Red Wing owns Irish Setter, both are boot companies, and fun fact: the Red Wing 875 — widely considered their most iconic boot and the one we’re comparing today — was created in the 1950s under the Irish Setter family name. Red Wing’s most beloved boots were originally Irish Setter boots.
Note that I’m not comparing the Wingshooter, which is more of a hunting boot. We’re looking at the Wingshooter ST, which is specifically developed as a work boot. (The S.T. stands for safety toe).
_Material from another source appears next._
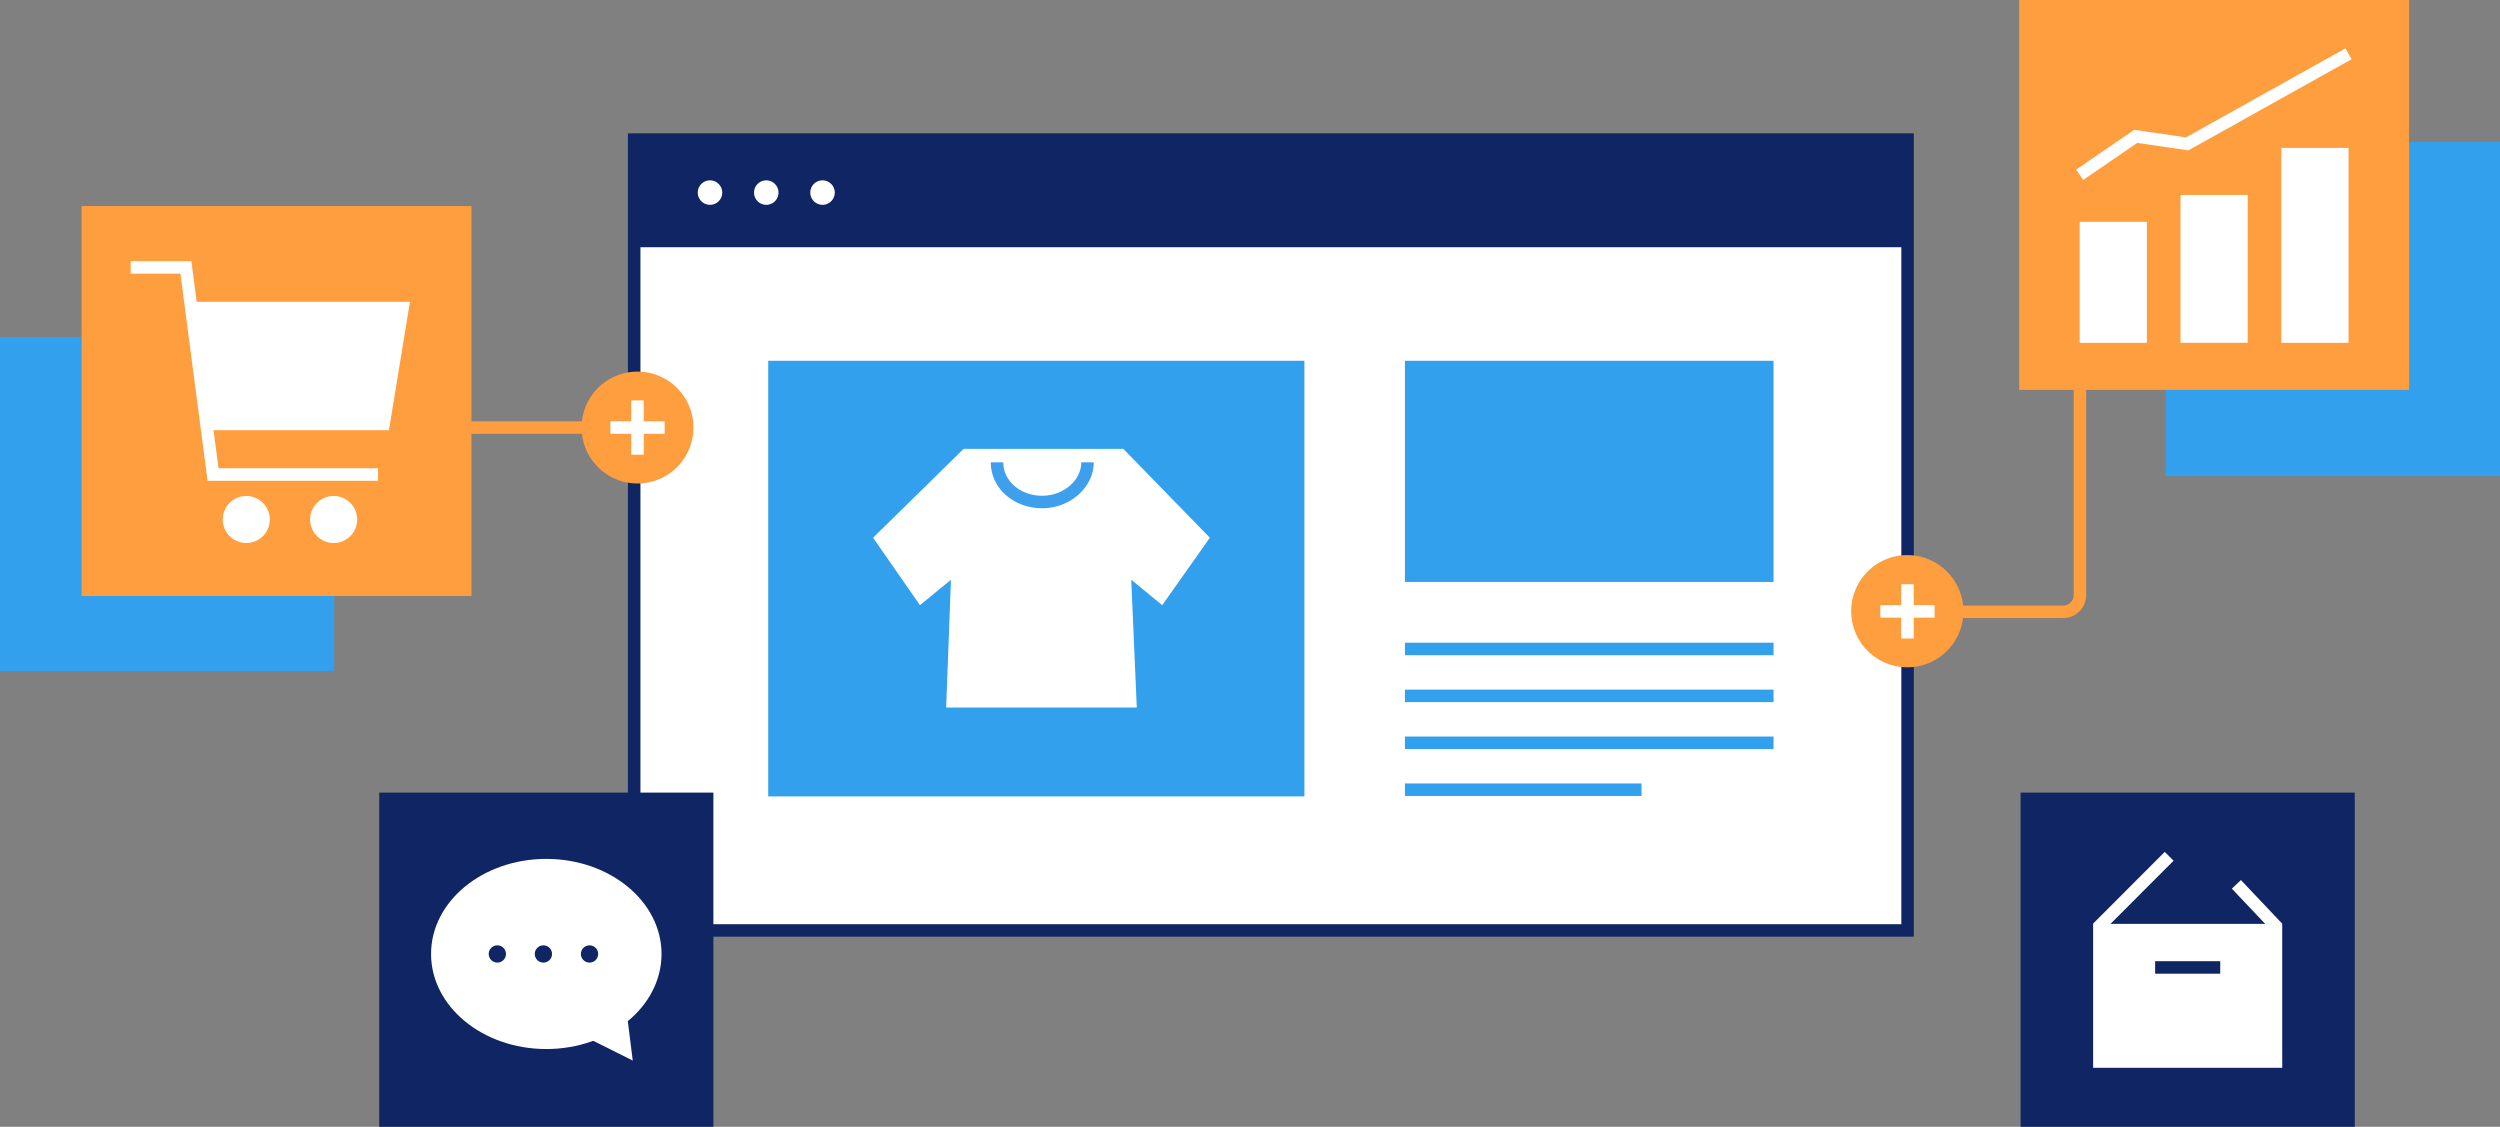 <svg id="レイヤー_1" data-name="レイヤー 1" xmlns="http://www.w3.org/2000/svg" width="800" height="360.581" viewBox="0 0 800 360.581"><rect x="0" y="0" width="800" height="360.581" fill="#808080" stroke="none"/><defs><style>.cls-1{fill:#fff;}.cls-2{fill:#102563;}.cls-3{fill:#32a0ed;}.cls-4{fill:#3e9fed;}.cls-5{fill:#ff9e3e;}</style></defs><path class="cls-1" d="M610.428,44.673H202.941V297.744H610.428Z"/><path class="cls-2" d="M612.428,299.744H200.941V42.673H612.428Zm-407.487-4H608.428V46.673H204.941Z"/><path class="cls-2" d="M610.428,44.673H202.941V79.111H610.428Z"/><path class="cls-1" d="M227.2,65.545a3.914,3.914,0,1,0-3.913-3.913A3.914,3.914,0,0,0,227.2,65.545Z"/><path class="cls-1" d="M245.207,65.545a3.914,3.914,0,1,0-3.913-3.914A3.914,3.914,0,0,0,245.207,65.545Z"/><path class="cls-1" d="M263.208,65.545a3.914,3.914,0,1,0-3.914-3.914A3.913,3.913,0,0,0,263.208,65.545Z"/><path class="cls-3" d="M567.535,186.221V115.447H449.578v70.774Z"/><rect class="cls-3" x="449.578" y="205.668" width="117.957" height="4"/><rect class="cls-3" x="449.578" y="220.68" width="117.957" height="4"/><rect class="cls-3" x="449.578" y="235.693" width="117.957" height="4"/><rect class="cls-3" x="449.578" y="250.706" width="75.711" height="4"/><path class="cls-3" d="M417.408,115.447H245.834v139.4H417.408Z"/><path class="cls-1" d="M387.16,172.071l-27.705-28.44H308.362l-28.976,28.44,15,21.583,9.913-8.125-1.525,40.881h61L362,185.529l9.913,8.125Z"/><path class="cls-4" d="M333.526,162.645c-9.245,0-16.487-6.456-16.487-14.7h4c0,6,5.484,10.7,12.487,10.7,6.77,0,12.489-4.9,12.489-10.7h4C350.015,155.915,342.464,162.645,333.526,162.645Z"/><rect class="cls-3" y="107.813" width="106.938" height="106.938"/><rect class="cls-3" x="693.062" y="45.413" width="106.938" height="106.938"/><path class="cls-2" d="M753.526,253.643H646.588V360.581H753.526Z"/><polygon class="cls-1" points="730.313 341.689 669.8 341.689 669.8 295.547 692.717 272.6 695.547 275.426 673.8 297.202 673.8 337.689 726.313 337.689 726.313 297.171 714.191 284.373 717.095 281.622 730.313 295.577 730.313 341.689"/><path class="cls-1" d="M728.1,295.636H672.012v44.511H728.1Z"/><rect class="cls-2" x="689.642" y="307.581" width="20.829" height="4"/><rect class="cls-2" x="121.346" y="253.643" width="106.938" height="106.938"/><ellipse class="cls-1" cx="174.815" cy="305.269" rx="36.875" ry="30.422"/><path class="cls-1" d="M200.632,324.628l-16.593,5.532,18.438,9.218Z"/><circle class="cls-2" cx="159.149" cy="305.27" r="2.766"/><circle class="cls-2" cx="173.89" cy="305.27" r="2.766"/><circle class="cls-2" cx="188.646" cy="305.27" r="2.766"/><path class="cls-5" d="M770.9,0H646.139V124.761h17.44v65.663a3.351,3.351,0,0,1-3.347,3.347H628.194a17.95,17.95,0,1,0-.042,4h32.08a7.356,7.356,0,0,0,7.347-7.347V124.761H770.9Z"/><path class="cls-1" d="M687.01,70.985H665.5V109.7h21.51Z"/><path class="cls-1" d="M719.271,62.38H697.763V109.7h21.508Z"/><path class="cls-1" d="M751.537,47.324H730.026V109.7h21.511Z"/><polygon class="cls-1" points="666.628 57.576 664.367 54.277 682.947 41.541 699.507 43.958 750.564 15.462 752.513 18.955 700.273 48.112 683.917 45.725 666.628 57.576"/><rect class="cls-1" x="608.393" y="186.953" width="4" height="17.366"/><rect class="cls-1" x="601.709" y="193.636" width="17.366" height="4"/><path class="cls-5" d="M204,118.918a17.9,17.9,0,0,0-17.78,15.9H150.869V65.949H26.108V190.71H150.869V138.817h35.354a17.9,17.9,0,1,0,17.78-19.9Z"/><polygon class="cls-1" points="131.181 96.579 62.947 96.579 61.241 83.57 41.825 83.57 41.825 87.57 57.731 87.57 66.424 153.851 120.989 153.851 120.989 149.851 69.934 149.851 68.336 137.668 124.464 137.668 131.181 96.579"/><path class="cls-1" d="M78.81,158.707a7.529,7.529,0,1,0,7.53,7.528A7.528,7.528,0,0,0,78.81,158.707Z"/><path class="cls-1" d="M106.772,158.707a7.529,7.529,0,1,0,7.53,7.528A7.529,7.529,0,0,0,106.772,158.707Z"/><polygon class="cls-1" points="212.686 134.817 206.003 134.817 206.003 128.133 202.003 128.133 202.003 134.817 195.32 134.817 195.32 138.817 202.003 138.817 202.003 145.499 206.003 145.499 206.003 138.817 212.686 138.817 212.686 134.817"/></svg>

To sum up: Red Wing is more for fashion, Irish Setter is more for work.
Red Wing Vs. Irish Setter
Red Wing’s Moc Toe started its life as work boot in the mid-20th century and its construction was top of the line for most work situations back then: A thick leather upper that’s reasonably puncture resistant, a very water resistant Goodyear welt, a nice rubber midsole and leather insole and cork filling that molds to your foot and helps prevent foot pain when you’re on your feet all day.
It was a great work boot back then but technology has evolved since the 1950s and shoes have more features now. The tale of Red Wing and Irish Setter is a little like the Converse Chuck Taylor: they were a super popular basketball sneaker a hundred years ago, but nowadays Chucks are more worn for casual wear and actual basketballers use more high-tech shoes with components like energy rebound foam.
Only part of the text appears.